We were lucky in that we learned the lesson early in our lives and in a relatively controlled manner.

We bought our first house from a builder and went for the absolute max they would approve us for. In the 18 months it took to complete the house, we both received promotions and raises and STILL we felt like we were poor for the first couple of years there. Luckily it was fairly early in our careers and we managed a couple job change/ salary increase moments that brought us back to a reasonable lifestyle but the bank would quite willingly have let us buy our way into house poor.

When you’re only plugging those 4 numbers in, what you’re going to get is the absolute highest price you can pay based on those numbers. Because the calculator doesn’t know if you are 30 years old and need to save money for 2 kids’ college educations and your own retirement or if you are 62 years old and have $500K in the bank in addition to your $200K income derived from pensions and Social Security benefits*. It can’t possibly tell if you are the sort of person who likes to travel and have little luxuries like cable TV or if you are the sort who wants the nicest house you can afford and is happy to staycation every year to make that happen.

And it’s great that you got as much house as you needed/wanted while paying way less than the calculator said you can afford but it doesn’t always work that way. When we bought our house , it cost 3 times our annual income and over the past 29 years, I’ve often wished we paid more. Because I would have been happier with a bigger lot than 20x100 and with larger rooms (it’s under 1200 sq ft) and even though it would have been difficult for the first couple of years, our income went up dramatically after that.
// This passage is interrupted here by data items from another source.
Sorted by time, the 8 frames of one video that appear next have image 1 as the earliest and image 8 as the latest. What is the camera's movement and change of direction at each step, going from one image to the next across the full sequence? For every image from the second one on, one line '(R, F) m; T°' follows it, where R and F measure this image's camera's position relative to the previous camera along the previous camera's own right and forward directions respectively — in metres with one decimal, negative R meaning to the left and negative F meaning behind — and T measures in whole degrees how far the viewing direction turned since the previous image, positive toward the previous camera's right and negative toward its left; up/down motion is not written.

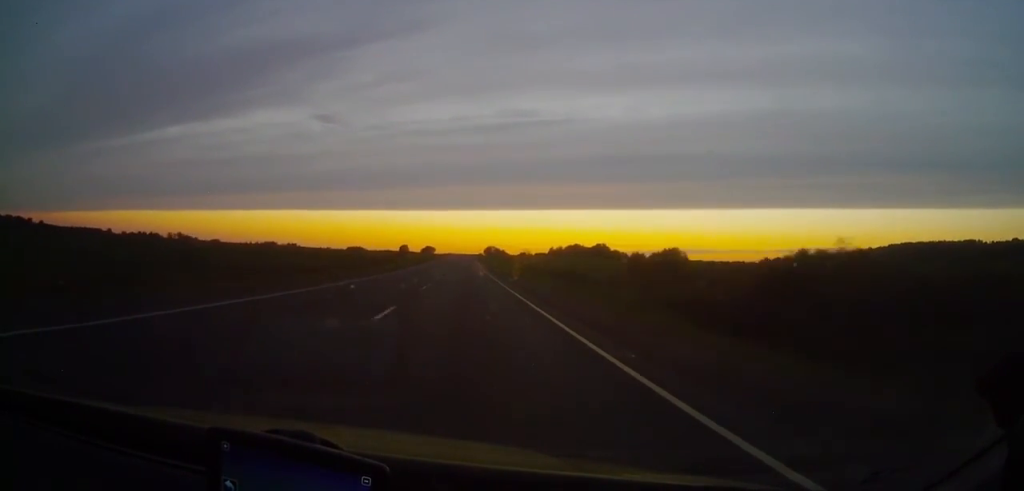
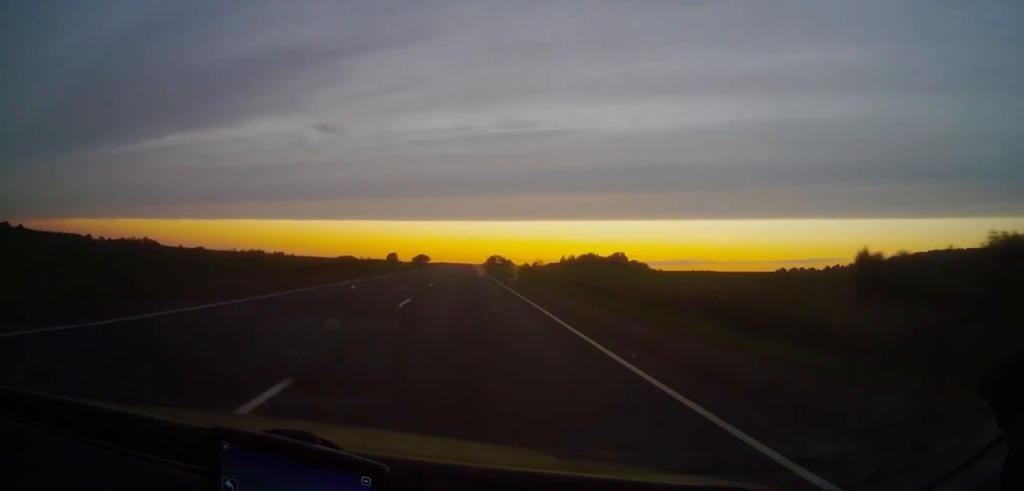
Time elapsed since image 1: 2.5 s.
(-0.7, +68.4) m; 0°
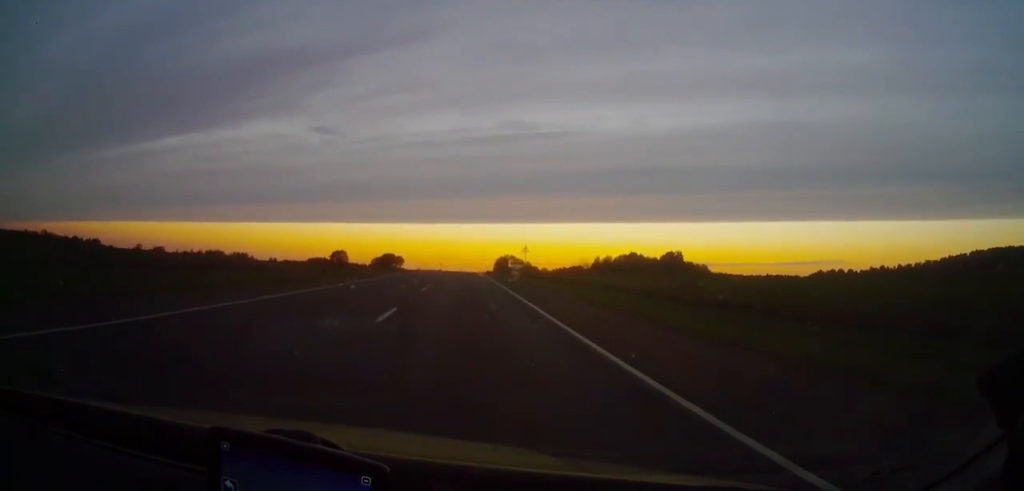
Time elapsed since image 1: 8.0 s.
(+0.9, +146.1) m; 0°
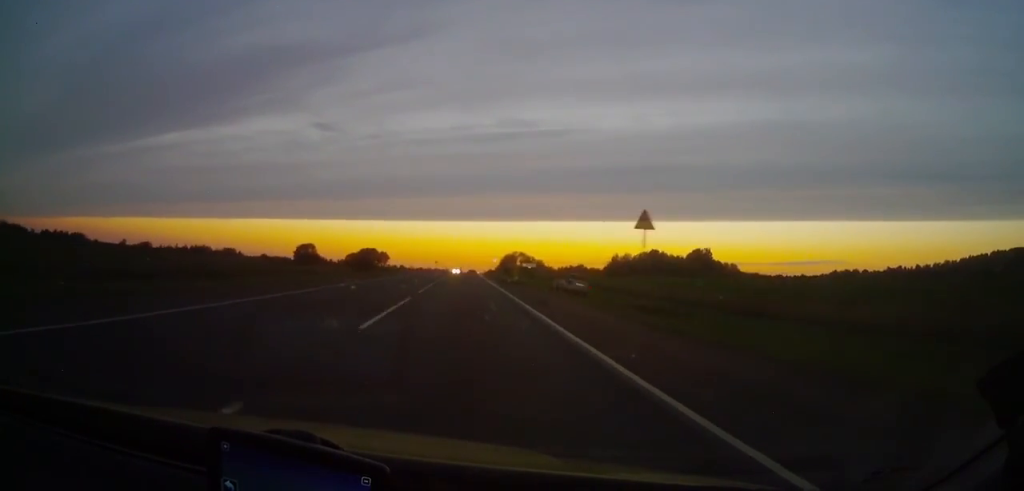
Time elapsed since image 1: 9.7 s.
(-0.2, +45.9) m; 0°
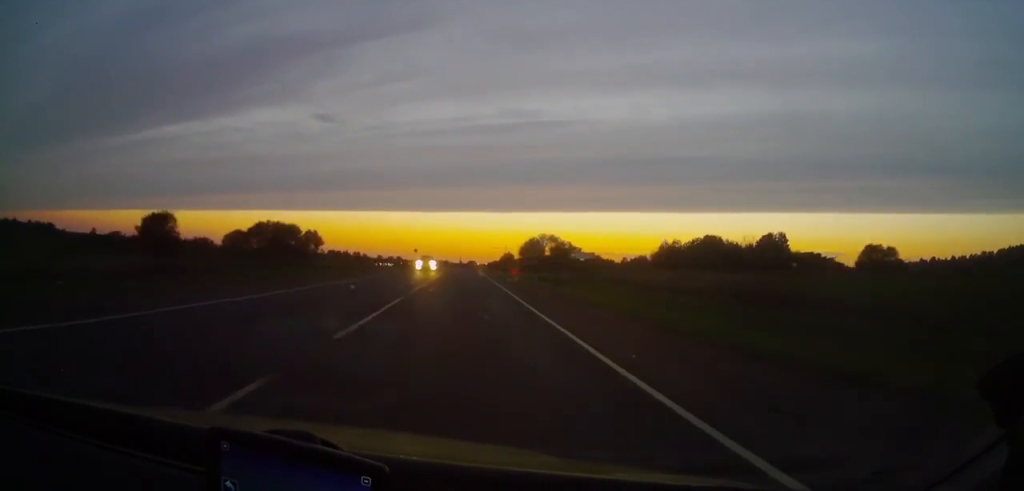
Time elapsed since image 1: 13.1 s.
(+0.1, +87.8) m; 0°
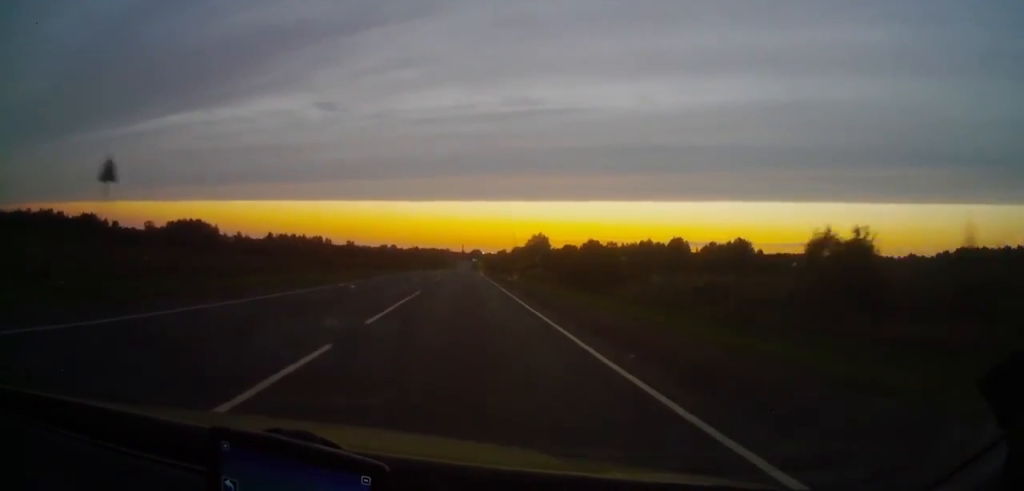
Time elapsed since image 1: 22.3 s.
(+0.8, +235.8) m; 0°
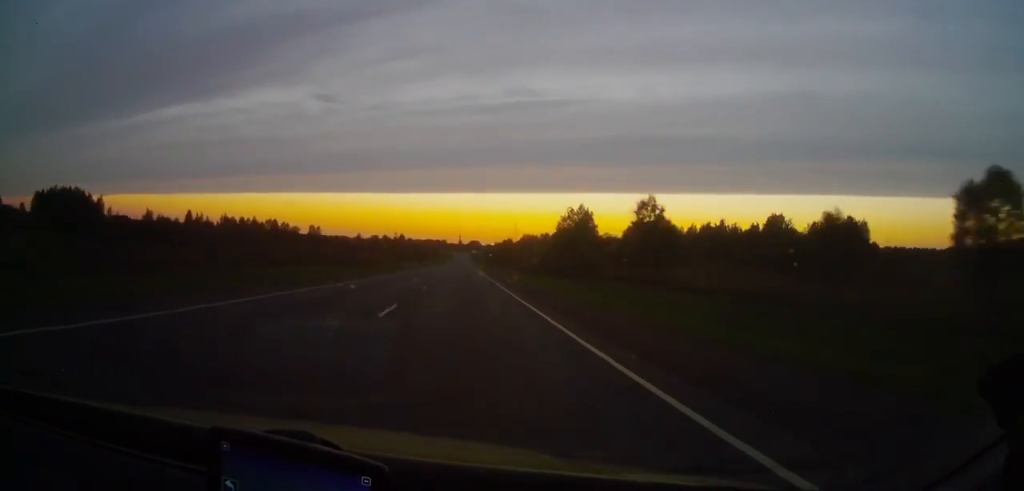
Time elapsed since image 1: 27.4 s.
(-0.4, +127.3) m; 0°
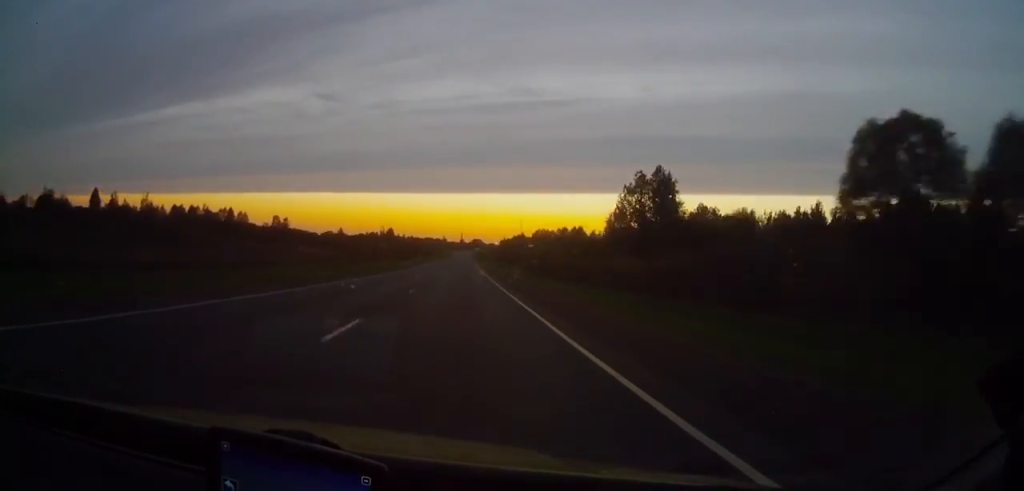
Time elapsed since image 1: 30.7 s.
(-0.3, +87.5) m; 0°

  • and that’s not crazy. I checked and if I retire at 62, my pension/SS income will be roughly 98K. If I were married to a coworker, it would be 196K combined.

I live in the Bay Area, and around here the 3X income rule would mean that only high execs at tech companies can buy anything. I’m with Doreen. 20 years ago we paid 3.5X my salary for a bigger house than we strictly needed, but I’m glad that we did since its price relative to smaller houses has accelerated. It’s now worth about 8X what I make, and my income has gone up a good bit.
If you think your income has upside potential, then it is good to stretch, since your costs are fixed so the percentage of income paid for your house decreases. But not stretch to near the breaking point, of course.
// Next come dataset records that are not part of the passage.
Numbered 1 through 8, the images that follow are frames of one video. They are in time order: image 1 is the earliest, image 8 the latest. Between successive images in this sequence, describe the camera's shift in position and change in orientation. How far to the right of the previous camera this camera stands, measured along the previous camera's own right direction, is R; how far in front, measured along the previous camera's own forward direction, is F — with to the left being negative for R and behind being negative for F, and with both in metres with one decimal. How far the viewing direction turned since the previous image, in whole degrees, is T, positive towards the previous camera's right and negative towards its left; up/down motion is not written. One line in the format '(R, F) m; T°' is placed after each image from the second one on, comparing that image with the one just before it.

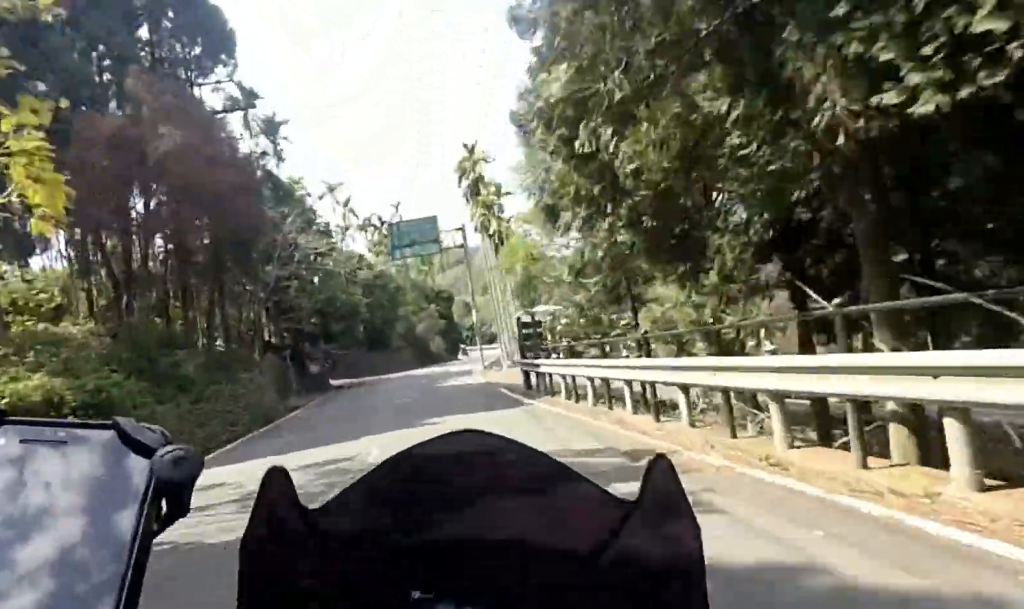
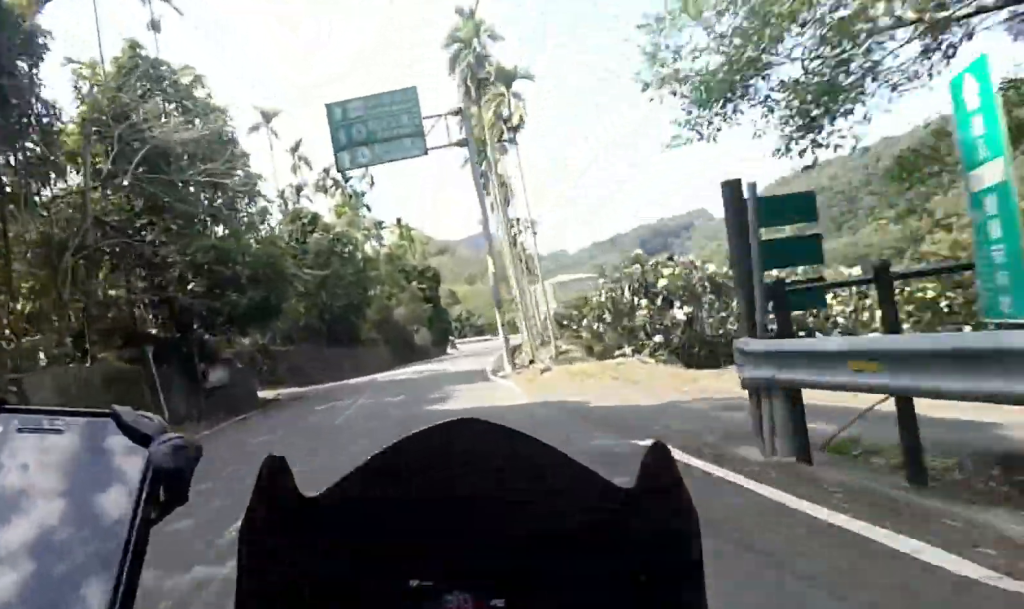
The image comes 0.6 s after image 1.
(+0.2, +14.2) m; -11°
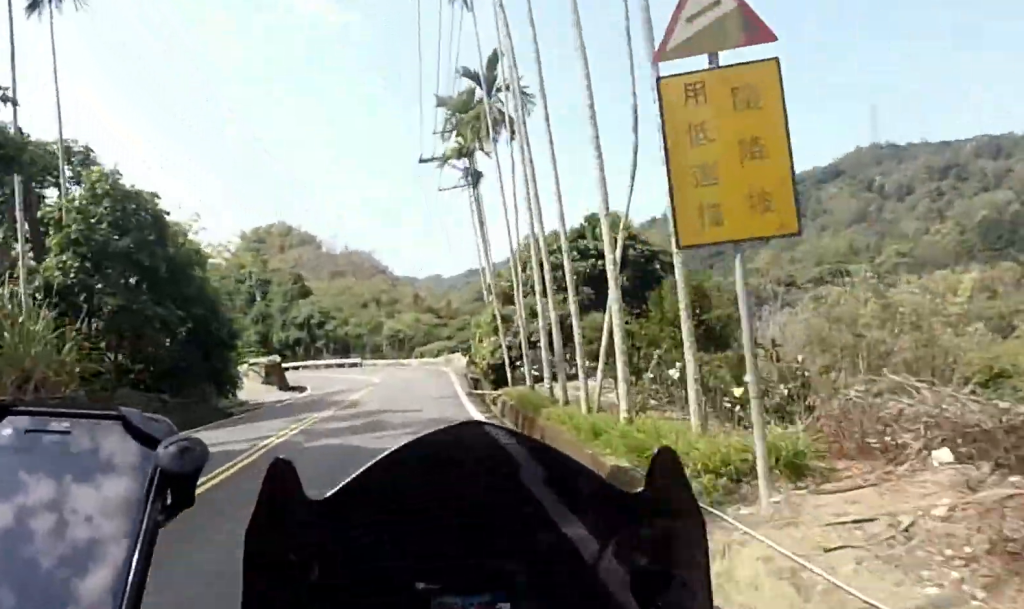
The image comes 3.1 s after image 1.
(+4.0, +58.1) m; +15°
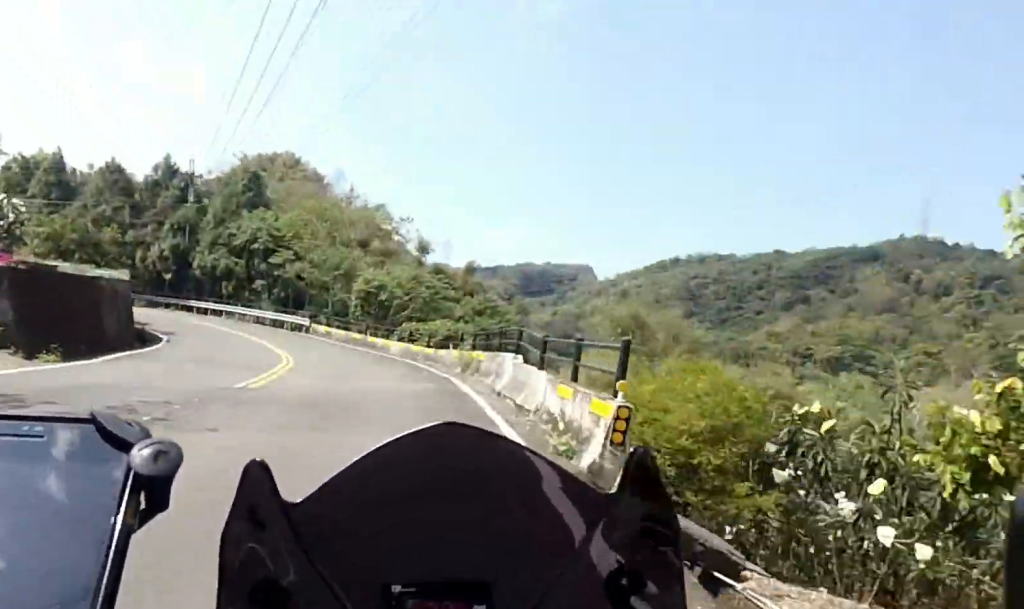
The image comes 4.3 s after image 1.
(+1.5, +24.9) m; +9°
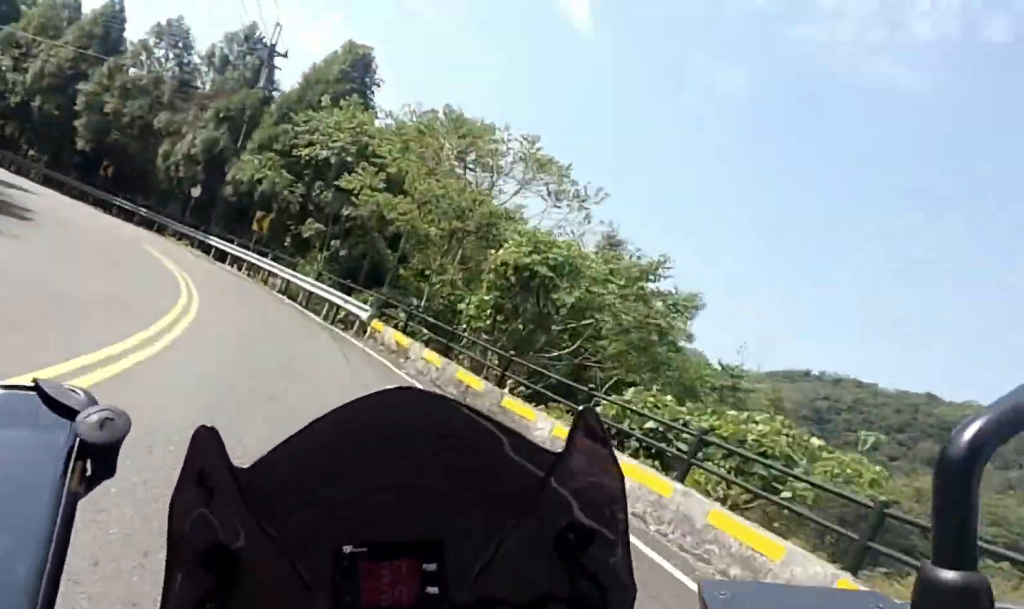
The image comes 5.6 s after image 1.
(+0.4, +20.3) m; -19°
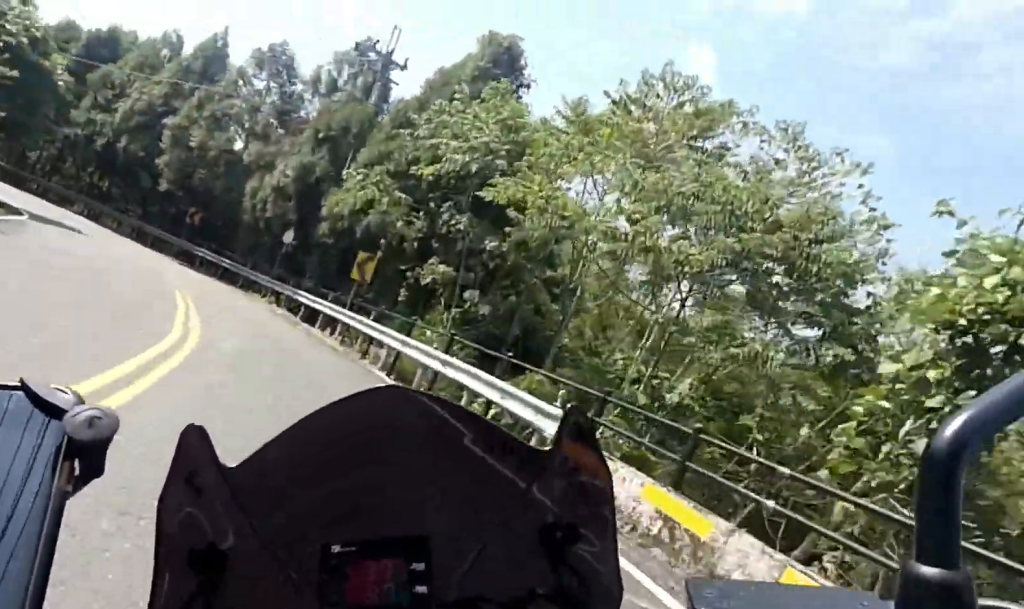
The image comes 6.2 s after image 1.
(-3.0, +7.0) m; -15°
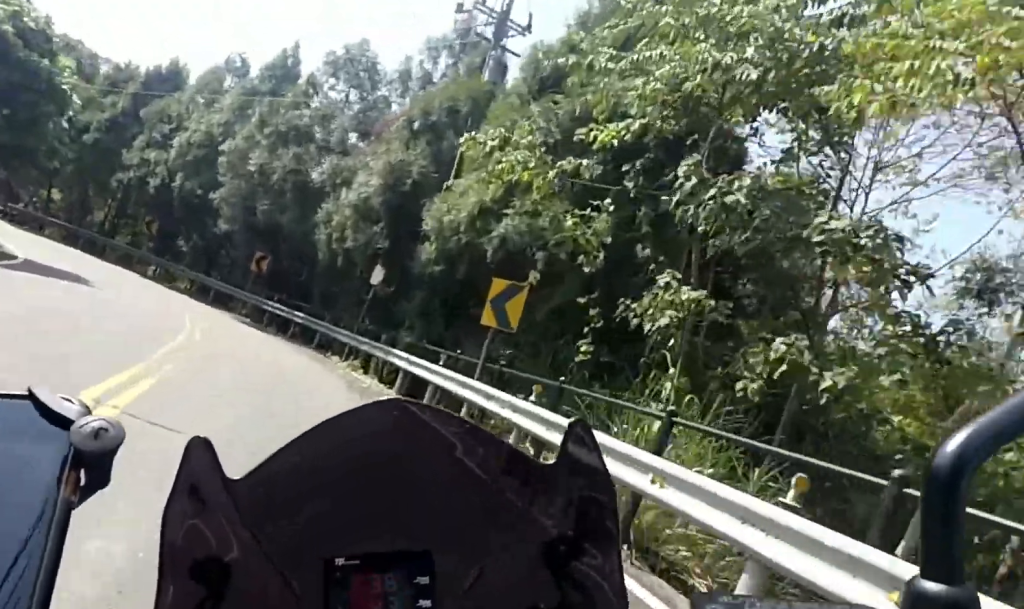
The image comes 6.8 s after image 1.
(-1.1, +7.0) m; -10°
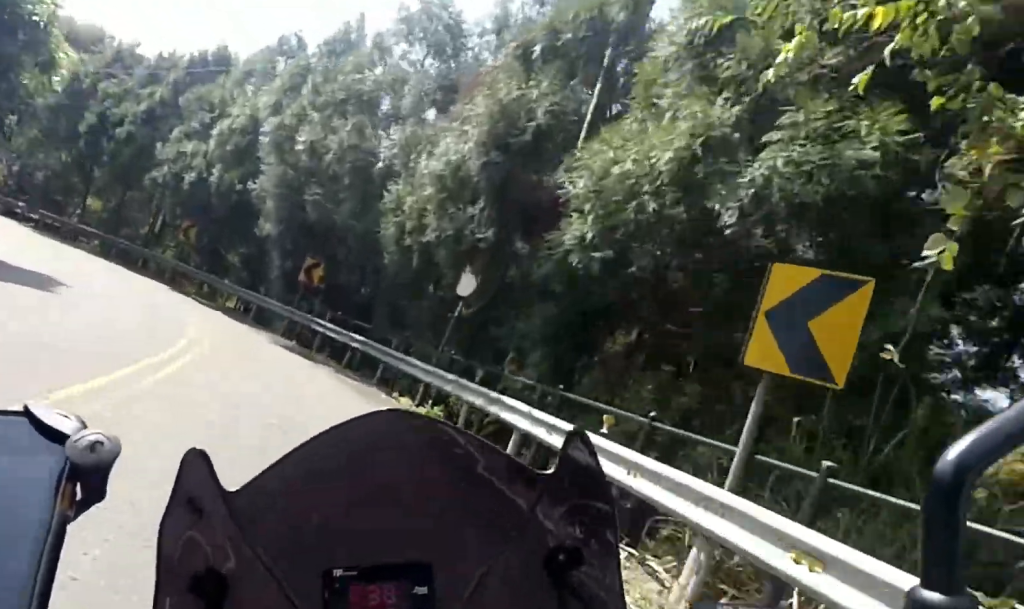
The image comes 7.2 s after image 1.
(-0.1, +4.9) m; -2°

That’s us! Well, we paid substantially less than $1.83 million, but for a relatively ordinary house in a relatively ordinary suburb, we owe way more than we can afford. We pretty much took out the maximum mortgage we could qualify for.

On the other hand, what we pay in the mortgage every month is less than our old rent on a two-bedroom apartment. Factor in the property taxes, and it’s a couple hundred dollars more per month for a much better quality of life, + equity instead of nothing at all.

I bought my house at the bottom of the market when all of the mortgage companies were really cranking down on their limits. I applied for the amount that I needed and was approved with no issues. During a finalizing paperwork conversation, I asked my mortgage guy what I would’ve been approved for and the number he said was about 2.5x what I requested. I told him that he had NO BUSINESS loaning me that kind of money, I had a horse habit." His response was “we don’t factor in anything but income, debt and credit history.” All I could think was that with my salary, I should’ve had a MUCH larger down payment if I could afford that much larger payment. The money was clearly going somewhere else…

Can I commend you on your courage at speaking so casually about your heroin addiction?

Oh, you mean the original kind of horse.

Ha!

Yes, the four legged animal that can kill you. Not the opioid that can kill you
Sent from my iPhone using Tapatalk

If you can figure out how to switch addictions from the first to the second, you might save money.

Regards,
Shodan

Couldn’t you have just bought your current house, then sold and moved up into a nicer/larger house once you had the income to afford that larger house? Why stay 29 years in one place if you don’t like it and can afford better?